*Data shown:*
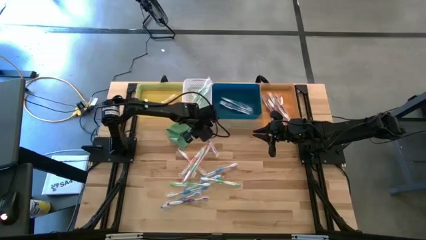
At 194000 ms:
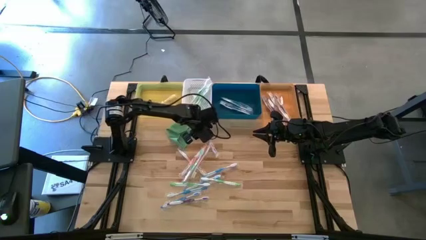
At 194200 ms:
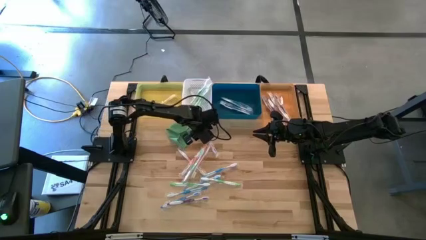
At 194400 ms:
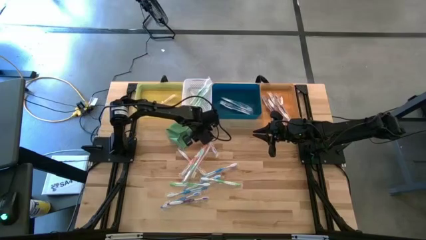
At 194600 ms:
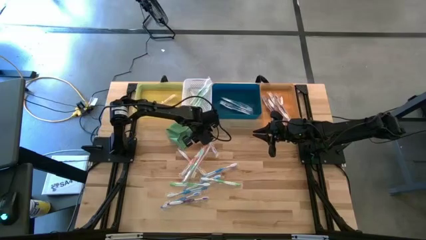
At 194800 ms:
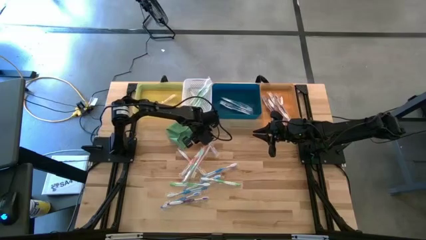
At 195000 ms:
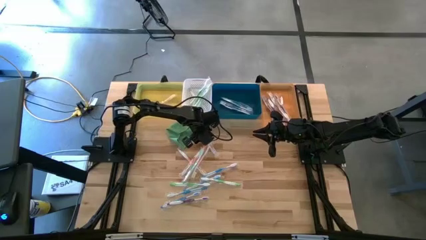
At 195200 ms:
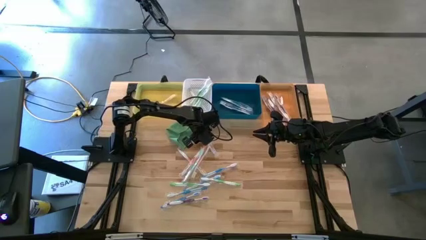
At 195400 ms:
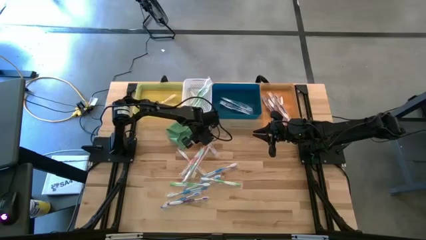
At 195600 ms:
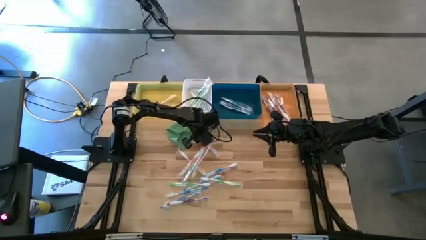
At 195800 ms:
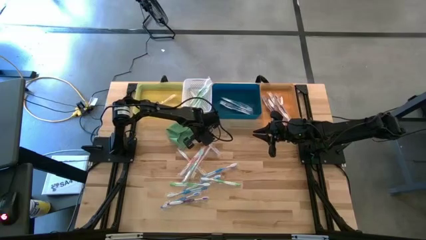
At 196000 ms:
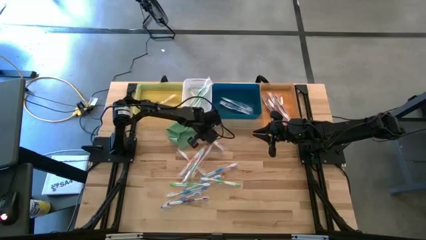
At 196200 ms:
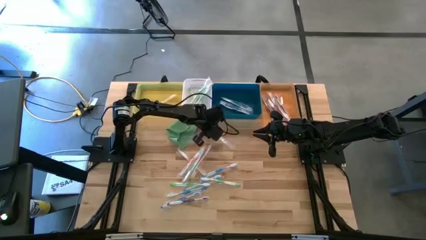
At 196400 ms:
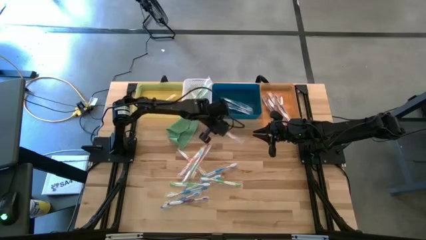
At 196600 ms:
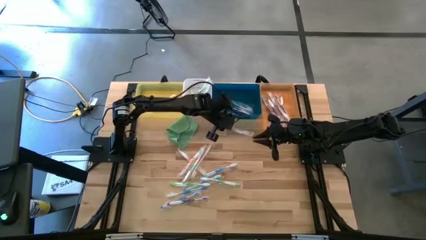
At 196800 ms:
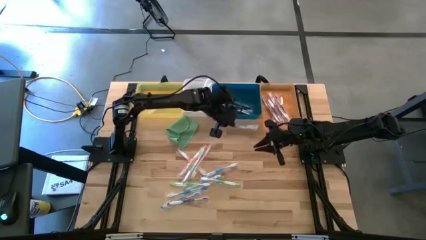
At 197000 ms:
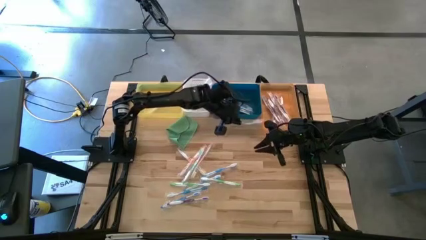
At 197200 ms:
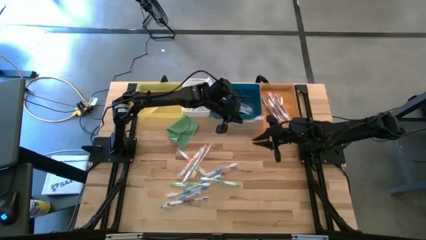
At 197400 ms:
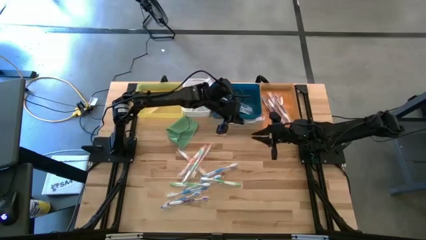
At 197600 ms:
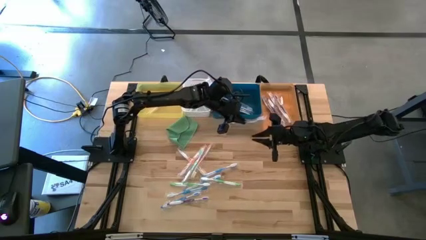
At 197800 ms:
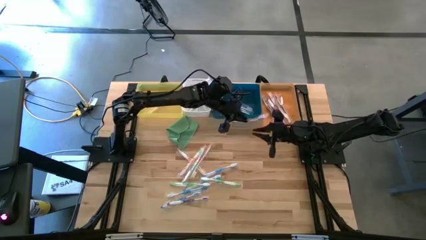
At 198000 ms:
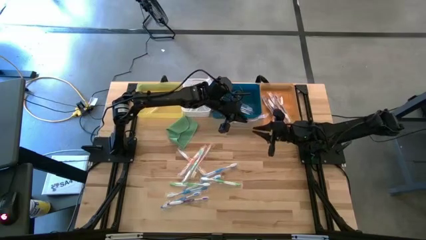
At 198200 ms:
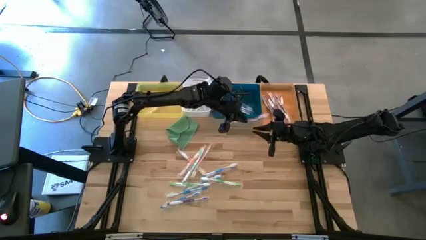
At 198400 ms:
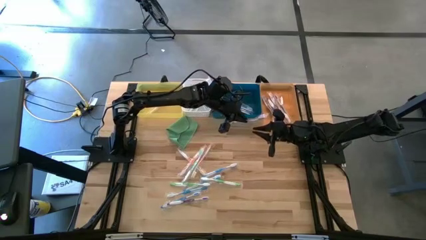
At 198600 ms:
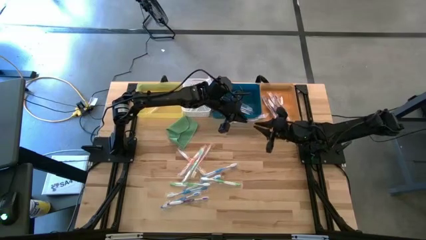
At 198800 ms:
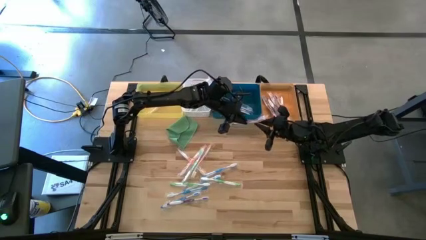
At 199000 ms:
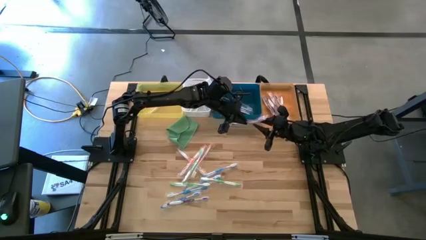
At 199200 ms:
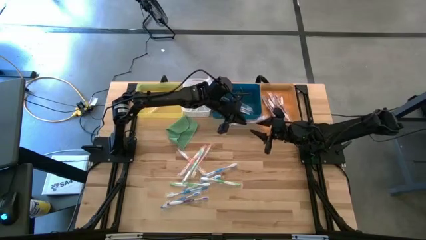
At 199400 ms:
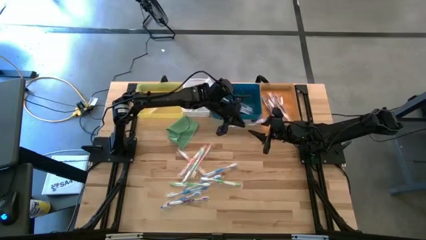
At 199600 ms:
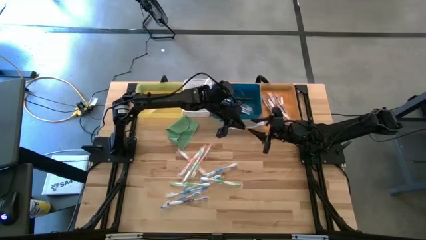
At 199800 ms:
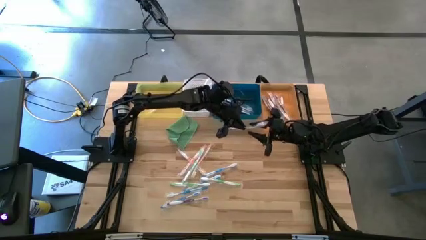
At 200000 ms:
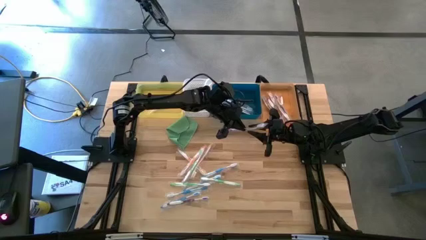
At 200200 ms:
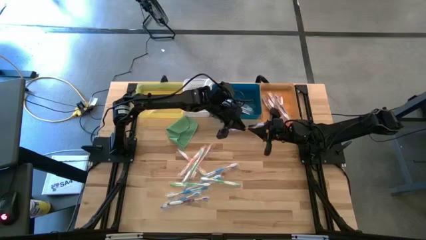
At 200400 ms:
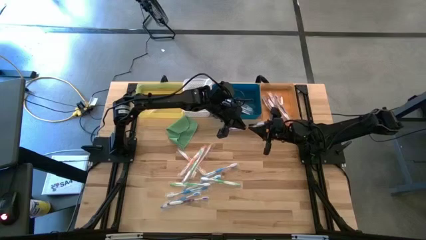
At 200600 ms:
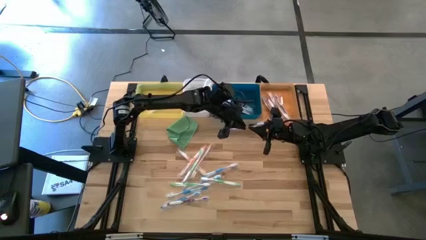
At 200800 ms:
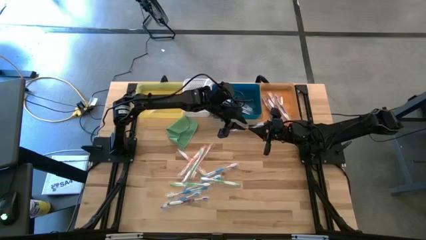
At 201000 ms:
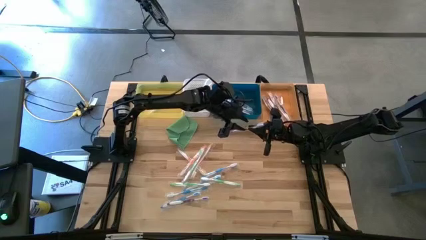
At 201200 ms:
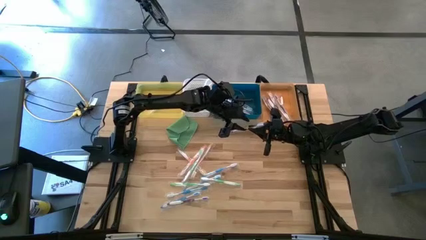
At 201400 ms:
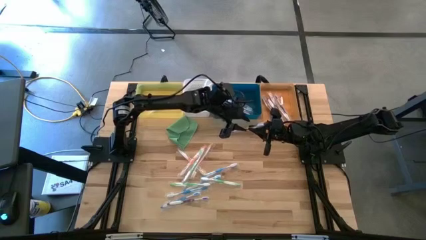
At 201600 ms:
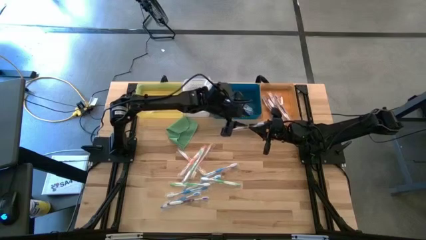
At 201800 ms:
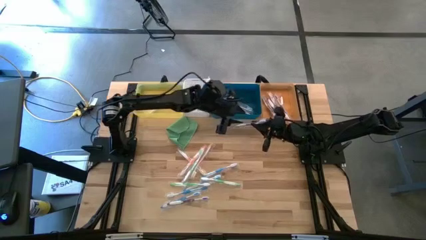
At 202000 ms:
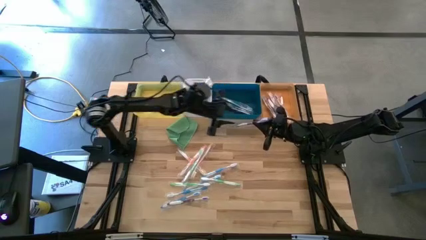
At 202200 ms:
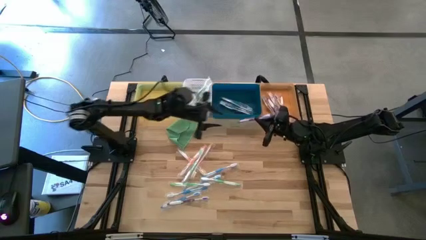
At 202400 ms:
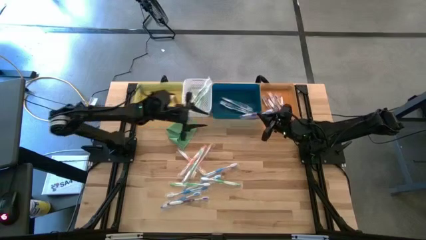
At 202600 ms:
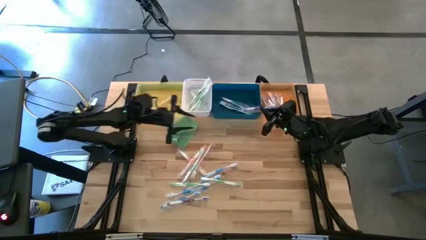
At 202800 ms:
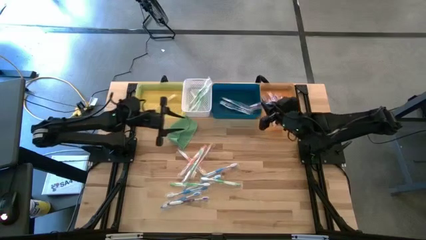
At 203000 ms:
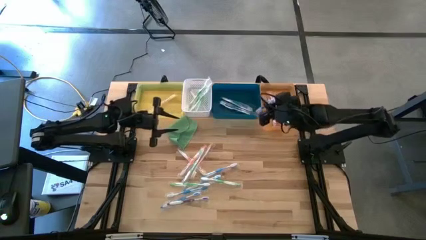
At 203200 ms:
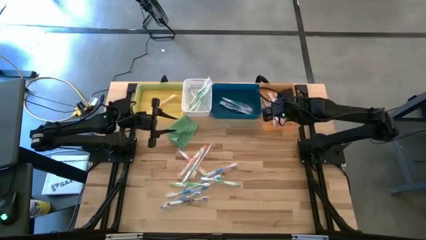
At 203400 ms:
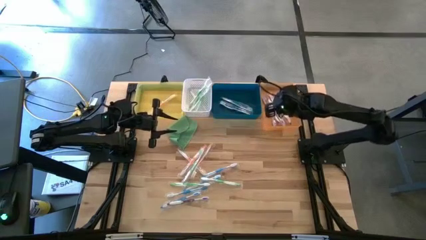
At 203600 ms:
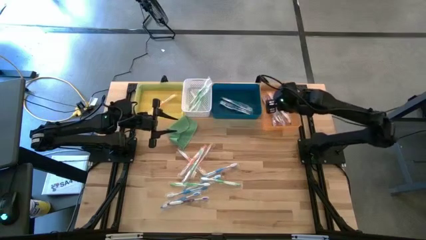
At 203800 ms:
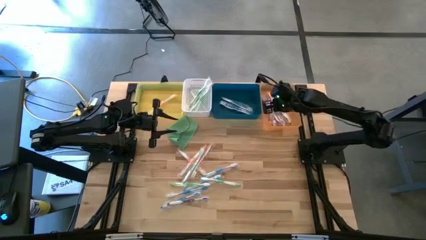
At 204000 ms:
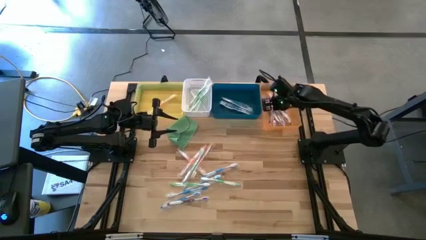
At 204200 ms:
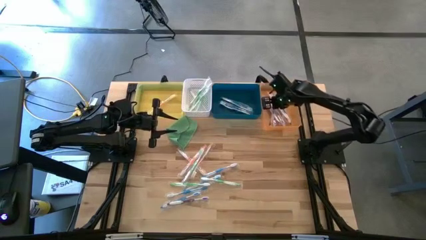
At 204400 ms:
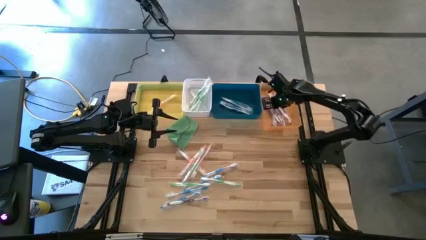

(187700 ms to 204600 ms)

*Assignment:*
The preceding entries are to be returned verbatim, with every picture excluded.

*Completed task:*
At 194000 ms:
At 194200 ms:
At 194400 ms:
At 194600 ms:
At 194800 ms:
At 195000 ms:
At 195200 ms:
At 195400 ms:
At 195600 ms:
At 195800 ms:
At 196000 ms:
At 196200 ms:
At 196400 ms:
At 196600 ms:
At 196800 ms:
At 197000 ms:
At 197200 ms:
At 197400 ms:
At 197600 ms:
At 197800 ms:
At 198000 ms:
At 198200 ms:
At 198400 ms:
At 198600 ms:
At 198800 ms:
At 199000 ms:
At 199200 ms:
At 199400 ms:
At 199600 ms:
At 199800 ms:
At 200000 ms:
At 200200 ms:
At 200400 ms:
At 200600 ms:
At 200800 ms:
At 201000 ms:
At 201200 ms:
At 201400 ms:
At 201600 ms:
At 201800 ms:
At 202000 ms:
At 202200 ms:
At 202400 ms:
At 202600 ms:
At 202800 ms:
At 203000 ms:
At 203200 ms:
At 203400 ms:
At 203600 ms:
At 203800 ms:
At 204000 ms:
At 204200 ms:
At 204400 ms:

(187700 ms to 204600 ms)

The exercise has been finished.